*Assignment*:
Without omission or alteration, write out all of the data.

*Working data*:
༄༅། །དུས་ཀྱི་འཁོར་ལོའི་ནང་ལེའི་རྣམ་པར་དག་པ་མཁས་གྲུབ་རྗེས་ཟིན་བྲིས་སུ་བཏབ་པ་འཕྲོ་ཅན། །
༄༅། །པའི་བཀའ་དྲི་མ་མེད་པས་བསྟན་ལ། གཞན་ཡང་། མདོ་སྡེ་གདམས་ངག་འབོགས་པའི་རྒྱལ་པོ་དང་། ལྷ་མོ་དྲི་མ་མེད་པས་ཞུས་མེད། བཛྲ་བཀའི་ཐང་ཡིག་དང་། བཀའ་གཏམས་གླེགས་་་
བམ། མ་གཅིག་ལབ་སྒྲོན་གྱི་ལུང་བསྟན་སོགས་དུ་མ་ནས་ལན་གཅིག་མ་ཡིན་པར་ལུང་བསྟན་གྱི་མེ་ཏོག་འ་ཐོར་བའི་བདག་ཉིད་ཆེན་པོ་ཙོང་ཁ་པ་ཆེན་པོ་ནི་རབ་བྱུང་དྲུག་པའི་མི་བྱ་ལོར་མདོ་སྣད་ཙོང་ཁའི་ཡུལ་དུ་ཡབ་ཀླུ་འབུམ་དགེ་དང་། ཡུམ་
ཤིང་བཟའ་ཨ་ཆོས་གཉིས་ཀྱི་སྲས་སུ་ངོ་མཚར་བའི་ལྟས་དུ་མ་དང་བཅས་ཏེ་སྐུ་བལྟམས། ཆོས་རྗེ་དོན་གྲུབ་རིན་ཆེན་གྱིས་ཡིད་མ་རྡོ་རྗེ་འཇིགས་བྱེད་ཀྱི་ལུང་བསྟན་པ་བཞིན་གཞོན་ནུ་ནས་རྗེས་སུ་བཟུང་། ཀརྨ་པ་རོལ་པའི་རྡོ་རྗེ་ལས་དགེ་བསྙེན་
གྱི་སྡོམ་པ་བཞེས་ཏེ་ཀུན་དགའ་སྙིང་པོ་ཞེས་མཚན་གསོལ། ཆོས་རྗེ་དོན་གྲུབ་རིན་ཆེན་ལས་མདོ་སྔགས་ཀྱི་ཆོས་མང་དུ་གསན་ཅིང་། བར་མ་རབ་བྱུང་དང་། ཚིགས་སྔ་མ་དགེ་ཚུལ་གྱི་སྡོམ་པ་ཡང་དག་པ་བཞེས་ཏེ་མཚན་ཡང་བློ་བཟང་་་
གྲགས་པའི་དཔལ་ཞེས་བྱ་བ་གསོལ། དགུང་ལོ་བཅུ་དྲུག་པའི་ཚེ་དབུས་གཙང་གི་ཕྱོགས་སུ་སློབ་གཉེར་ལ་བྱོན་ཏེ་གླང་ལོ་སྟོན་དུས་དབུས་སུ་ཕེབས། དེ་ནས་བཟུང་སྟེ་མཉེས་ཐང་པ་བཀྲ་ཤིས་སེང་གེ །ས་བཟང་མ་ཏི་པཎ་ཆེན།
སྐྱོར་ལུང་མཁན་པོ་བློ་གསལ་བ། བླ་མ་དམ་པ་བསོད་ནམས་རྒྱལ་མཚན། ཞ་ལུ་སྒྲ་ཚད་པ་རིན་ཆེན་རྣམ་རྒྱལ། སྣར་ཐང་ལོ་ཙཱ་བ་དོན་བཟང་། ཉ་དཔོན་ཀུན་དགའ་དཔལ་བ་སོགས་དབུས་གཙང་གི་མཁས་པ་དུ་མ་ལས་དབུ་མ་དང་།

*Task output*:
༄༅། །དུས་ཀྱི་འཁོར་ལོའི་ནང་ལེའི་རྣམ་པར་དག་པ་མཁས་གྲུབ་རྗེས་ཟིན་བྲིས་སུ་བཏབ་པ་འཕྲོ་ཅན། །
༄༅། །པའི་བཀའ་དྲི་མ་མེད་པས་བསྟན་ལ། གཞན་ཡང་། མདོ་སྡེ་གདམས་ངག་འབོགས་པའི་རྒྱལ་པོ་དང་། ལྷ་མོ་དྲི་མ་མེད་པས་ཞུས་མེད། བཛྲ་བཀའི་ཐང་ཡིག་དང་། བཀའ་གཏམས་གླེགས་་་
བམ། མ་གཅིག་ལབ་སྒྲོན་གྱི་ལུང་བསྟན་སོགས་དུ་མ་ནས་ལན་གཅིག་མ་ཡིན་པར་ལུང་བསྟན་གྱི་མེ་ཏོག་འ་ཐོར་བའི་བདག་ཉིད་ཆེན་པོ་ཙོང་ཁ་པ་ཆེན་པོ་ནི་རབ་བྱུང་དྲུག་པའི་མི་བྱ་ལོར་མདོ་སྣད་ཙོང་ཁའི་ཡུལ་དུ་ཡབ་ཀླུ་འབུམ་དགེ་དང་། ཡུམ་
ཤིང་བཟའ་ཨ་ཆོས་གཉིས་ཀྱི་སྲས་སུ་ངོ་མཚར་བའི་ལྟས་དུ་མ་དང་བཅས་ཏེ་སྐུ་བལྟམས། ཆོས་རྗེ་དོན་གྲུབ་རིན་ཆེན་གྱིས་ཡིད་མ་རྡོ་རྗེ་འཇིགས་བྱེད་ཀྱི་ལུང་བསྟན་པ་བཞིན་གཞོན་ནུ་ནས་རྗེས་སུ་བཟུང་། ཀརྨ་པ་རོལ་པའི་རྡོ་རྗེ་ལས་དགེ་བསྙེན་
གྱི་སྡོམ་པ་བཞེས་ཏེ་ཀུན་དགའ་སྙིང་པོ་ཞེས་མཚན་གསོལ། ཆོས་རྗེ་དོན་གྲུབ་རིན་ཆེན་ལས་མདོ་སྔགས་ཀྱི་ཆོས་མང་དུ་གསན་ཅིང་། བར་མ་རབ་བྱུང་དང་། ཚིགས་སྔ་མ་དགེ་ཚུལ་གྱི་སྡོམ་པ་ཡང་དག་པ་བཞེས་ཏེ་མཚན་ཡང་བློ་བཟང་་་
གྲགས་པའི་དཔལ་ཞེས་བྱ་བ་གསོལ། དགུང་ལོ་བཅུ་དྲུག་པའི་ཚེ་དབུས་གཙང་གི་ཕྱོགས་སུ་སློབ་གཉེར་ལ་བྱོན་ཏེ་གླང་ལོ་སྟོན་དུས་དབུས་སུ་ཕེབས། དེ་ནས་བཟུང་སྟེ་མཉེས་ཐང་པ་བཀྲ་ཤིས་སེང་གེ །ས་བཟང་མ་ཏི་པཎ་ཆེན།
སྐྱོར་ལུང་མཁན་པོ་བློ་གསལ་བ། བླ་མ་དམ་པ་བསོད་ནམས་རྒྱལ་མཚན། ཞ་ལུ་སྒྲ་ཚད་པ་རིན་ཆེན་རྣམ་རྒྱལ། སྣར་ཐང་ལོ་ཙཱ་བ་དོན་བཟང་། ཉ་དཔོན་ཀུན་དགའ་དཔལ་བ་སོགས་དབུས་གཙང་གི་མཁས་པ་དུ་མ་ལས་དབུ་མ་དང་།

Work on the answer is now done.